Выбрать главу

—Lo recuerdo. Y ahora le agradezco francamente su delicadeza.

—A lo largo de la vida —dijo Ya señora Oliver— es frecuente tropezar con hechos curiosos de los que han sido protagonistas amigos y conocidos. Tratándose de los primeros, más o menos tarde se tiene alguna idea sobre la causa del incidente producido. Pero cuando se ha estado separada de ellos durante largo tiempo se está completamente a oscuras y nunca hay nadie a mano con quien explayarse para satisfacer una legítima curiosidad.

—Usted fue siempre muy atenta conmigo —manifestó Celia—. Siempre me obsequió con bonitos presentes. Y recuerdo que el más bonito de todos fue el que me envió el día en que cumplí los veintiún años.

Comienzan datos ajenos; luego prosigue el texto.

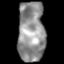
Tissue: skin
Cell type: Epithelial cells
Senescence score: 0.2581
Nuclear area (px): 1598
Mean DAPI intensity: 145.322
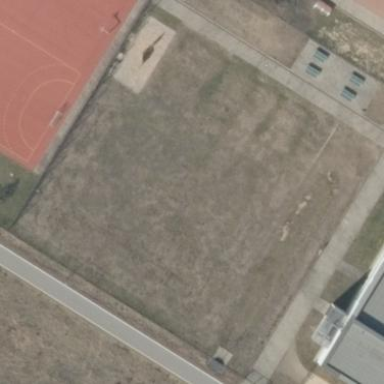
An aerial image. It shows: Athletics pitch for leisure land sports.
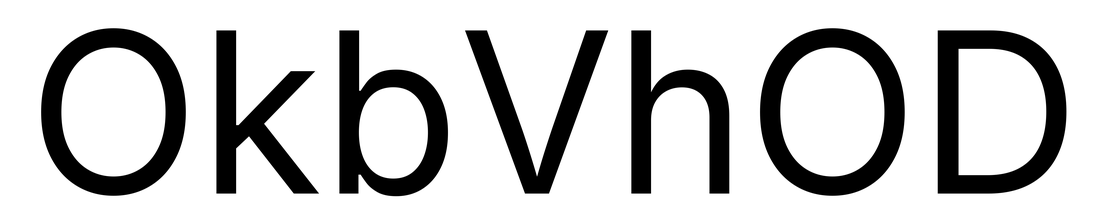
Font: Inter_Regular
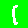
Digit: 1
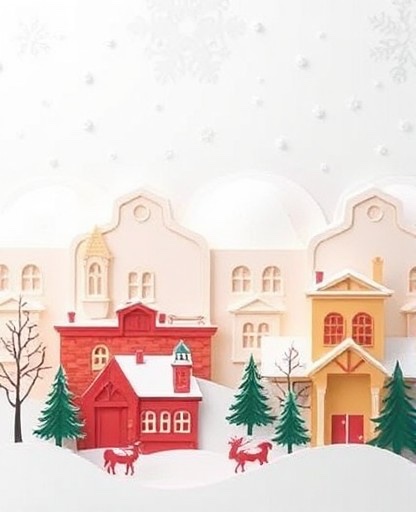
Category: Holiday
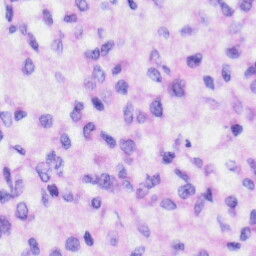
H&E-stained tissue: Liver
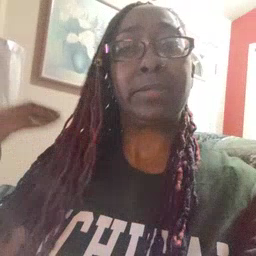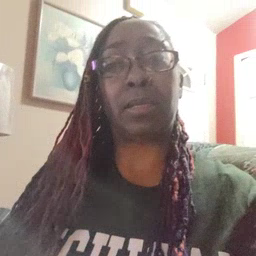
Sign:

—A esa edad rara es la chica que no necesita disponer de un poco de dinero extra —indicó la señora Oliver—. Se quieren comprar muchas cosas a la vez, se abrigan no pocos proyectos…

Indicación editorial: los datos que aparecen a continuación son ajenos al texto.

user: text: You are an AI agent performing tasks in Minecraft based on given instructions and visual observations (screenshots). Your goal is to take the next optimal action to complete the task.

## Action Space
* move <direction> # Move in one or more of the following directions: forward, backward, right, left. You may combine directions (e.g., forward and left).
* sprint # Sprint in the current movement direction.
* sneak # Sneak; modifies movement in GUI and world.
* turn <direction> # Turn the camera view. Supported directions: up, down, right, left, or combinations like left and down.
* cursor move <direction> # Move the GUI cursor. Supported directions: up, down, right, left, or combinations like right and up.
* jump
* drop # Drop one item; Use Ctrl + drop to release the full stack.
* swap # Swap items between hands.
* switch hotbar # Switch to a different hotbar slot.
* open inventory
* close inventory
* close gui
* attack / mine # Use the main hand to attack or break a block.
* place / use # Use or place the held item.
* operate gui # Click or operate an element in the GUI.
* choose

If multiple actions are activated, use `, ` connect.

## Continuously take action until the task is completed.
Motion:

—Es verdad. Yo siempre la tuve por una persona muy comprensiva, señora Oliver —dijo ahora la joven—. Usted no era como otros, que se pasan la vida haciendo preguntas, que desean saberlo todo. Usted no me preguntaba nunca nada. Me llevaba a los espectáculos o me regalaba golosinas, hablándome con toda naturalidad, sin intentar sonsacarme nada. Sé lo que vale esto. He conocido ya a demasiadas personas entrometidas.

—Sí. Tarde o temprano, descubrimos con frecuencia que quienes nos abordan desean algo de nosotros —contestó la señora Oliver—. Pese a todo, pese a saber lo que pasa normalmente, lo sucedido en el marco de la comida literaria de que te he hablado me sorprendió terriblemente. La señora Burton-Cox era una persona completamente desconocida para mí. Nada la autorizaba a hacerme tan extraordinaria pregunta. No acierto a comprender para qué necesitaba la información solicitada. ¿Qué tiene que ver ella con el caso? A menos que…

—A menos que relacionara la cosa con mi eventual casamiento con Desmond. Desmond es su hijo.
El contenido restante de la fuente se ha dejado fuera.